I wish somebody I know would 
have a baby.

3
you know I didn’t set out to write lyrics—— 
				              		                        my goal was to be mocked and reviled
and mourned, 
	                to be a skeleton climbing the sculptures in the Greco-Roman wing at the Met.
but, like David says, it gets hard to write,
				                                         especially when you’re trying to be glib, when you 
don’t have the killing phrase as he says,
					                                when the constellation of disasters opens itself up
to reveal nothing but coy gestures,
				                              like getting kicked in the head. 
								                                                         I feel like a real true
Dan Humphrey. did you take me for such a fool? 
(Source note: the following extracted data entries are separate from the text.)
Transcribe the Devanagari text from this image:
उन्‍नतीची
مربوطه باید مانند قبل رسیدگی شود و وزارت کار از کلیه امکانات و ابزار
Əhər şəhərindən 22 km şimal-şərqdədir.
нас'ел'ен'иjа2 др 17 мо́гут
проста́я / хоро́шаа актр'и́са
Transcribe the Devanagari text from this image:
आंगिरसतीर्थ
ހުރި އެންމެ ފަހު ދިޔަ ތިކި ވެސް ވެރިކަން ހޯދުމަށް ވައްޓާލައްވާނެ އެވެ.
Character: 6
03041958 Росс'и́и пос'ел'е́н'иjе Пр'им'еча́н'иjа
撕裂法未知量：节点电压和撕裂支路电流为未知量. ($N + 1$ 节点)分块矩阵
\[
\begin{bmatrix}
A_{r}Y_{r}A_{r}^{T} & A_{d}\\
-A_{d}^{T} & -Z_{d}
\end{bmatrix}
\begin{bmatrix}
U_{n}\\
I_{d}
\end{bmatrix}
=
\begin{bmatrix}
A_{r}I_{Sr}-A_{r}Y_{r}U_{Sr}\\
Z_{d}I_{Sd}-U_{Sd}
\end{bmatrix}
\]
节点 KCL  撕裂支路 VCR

						                                            alert my contacts among the Marxists:
a career conscious divinity student, a bowl of 
						                             crumby diner soup, a worm 
								                                                       is living by the airport, 
striking poses, talking about Bolshevism and Gossip Girl in the same breath! 
but actually
	                that would be disingenuous.
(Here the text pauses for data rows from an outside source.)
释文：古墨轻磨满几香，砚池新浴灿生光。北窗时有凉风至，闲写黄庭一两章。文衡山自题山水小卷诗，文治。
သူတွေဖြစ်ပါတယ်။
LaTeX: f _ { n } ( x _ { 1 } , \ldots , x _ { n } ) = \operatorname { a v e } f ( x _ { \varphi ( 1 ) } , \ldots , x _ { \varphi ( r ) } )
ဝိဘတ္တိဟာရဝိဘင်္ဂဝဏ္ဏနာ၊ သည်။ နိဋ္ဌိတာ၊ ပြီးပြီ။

				                                         I love the anguish of ridicule and hate writing treaties.
a woman pulled her car over last night
					                               to ask me where she was. all I could say was
this is my beautiful lakeside village!
				                                  and I do not know how to get out. 
									                                                            I used to have 
better friends——let’s just say 
				                      I chased the best away with my stomach.
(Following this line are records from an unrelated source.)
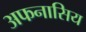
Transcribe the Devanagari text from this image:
अफनासिय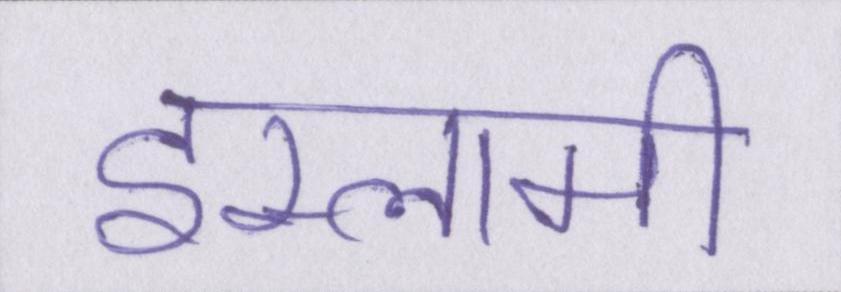
इस्लामी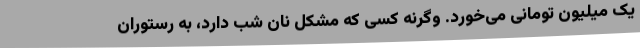
یک میلیون تومانی می‌خورد. وگرنه کسی که مشکل نان شب دارد، به رستوران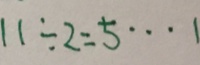
1 1 \div 2 = 5 \cdots 1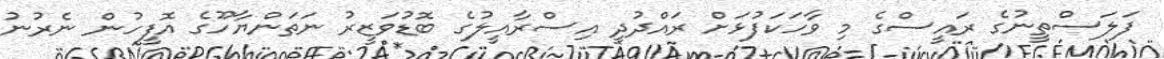
ފަލަސްތީނުގެ ރައީސްގެ މި ވާހަކަފުޅަށް ރައްދުދީ އިސްރާއީލުގެ ބޮޑުވަޒީރު ނަތަންޔާހޫގެ އޮފީހުން ނެރުނު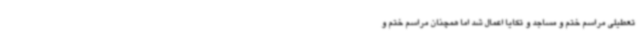
تعطیلی مراسم ختم و مساجد و تکایا اعمال شد اما همچنان مراسم ختم و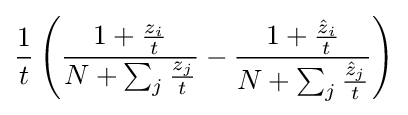
{\frac {1}{t}}\left({\frac {1+{\frac {z_{i}}{t}}}{N+\sum _{j}{\frac {z_{j}}{t}}}}-{\frac {1+{\frac {{\hat {z}}_{i}}{t}}}{N+\sum _{j}{\frac {{\hat {z}}_{j}}{t}}}}\right)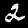
Label: 2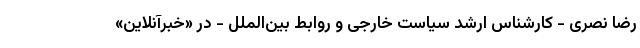
رضا نصری - کارشناس ارشد سیاست خارجی و روابط بین‌الملل - در «خبرآنلاین»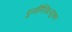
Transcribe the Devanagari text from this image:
पुनर्निवेशयुक्त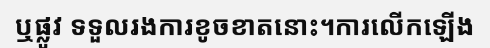
ឬផ្លូវ ទទួលរងការខូចខាតនោះ។ការលើកឡើង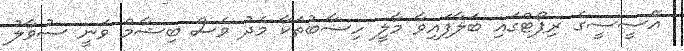
އޭސީސީގެ ރިޕޯޓްގައި ބަލާފައިވާ މާލީ ހިސާބުތަކާ މެދު ވެސް ބިޝާމް ވަނީ ސުވާލު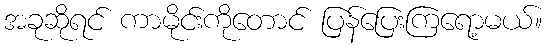
အခုဆိုရင် ကာမိုင်းကိုတောင် ပြန်ပြေးကြရော့မယ်။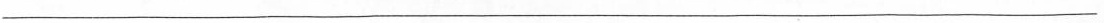
___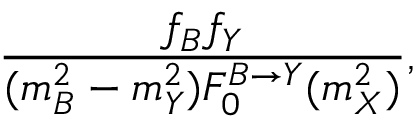
\frac { f _ { B } f _ { Y } } { ( m _ { B } ^ { 2 } - m _ { Y } ^ { 2 } ) F _ { 0 } ^ { B \to Y } ( m _ { X } ^ { 2 } ) } ,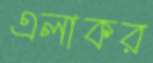
এলাকর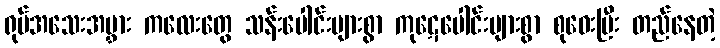
ရုပ်အသေးအမွှား ကလေးတွေ သန်းပေါင်းများစွာ ကုဋေပေါင်းများစွာ စုဝေးပြီး တည်နေတဲ့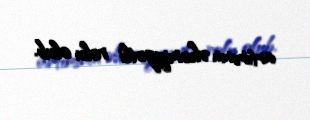
artımının əhəmiyyətli rolu olub.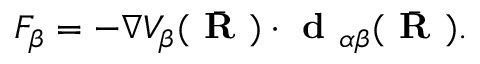
F _ { \beta } = - \nabla V _ { \beta } ( { \bar { \textbf { R } } } ) \cdot \textbf { d } _ { \alpha \beta } ( \bar { \textbf { R } } ) .

									                                                        it was her turn in the 
rotation of letters but I changed my address too many times—— 
								                                                 that about sums it up, actually.

4								      
my grandmother used to keep a Salem 100 burning
like incense in her condo down in that green bend of the state.
now whenever the clouds descend I become a gunless
Mark David Chapman writing new chapters for novels
I read in high school. her son grew up a money raker,
shaking fists at tattooed bank tellers, and I rushed
up and down the hills of Arkansas, finding quotations from
Kerouac everywhere, which is why I never went back 
to Arkansas. 

when you get to know me well enough you learn, 
with appropriate disappointment, that
I’d much rather figure myself as an alcoholic
B-movie actress heavy with makeup and dark sunglasses, 
or whatever, implications be damned. “though we live on 
the US dollar” you can’t take it with you, and I 
can’t spend it where I want, or else my credit falls to pieces. 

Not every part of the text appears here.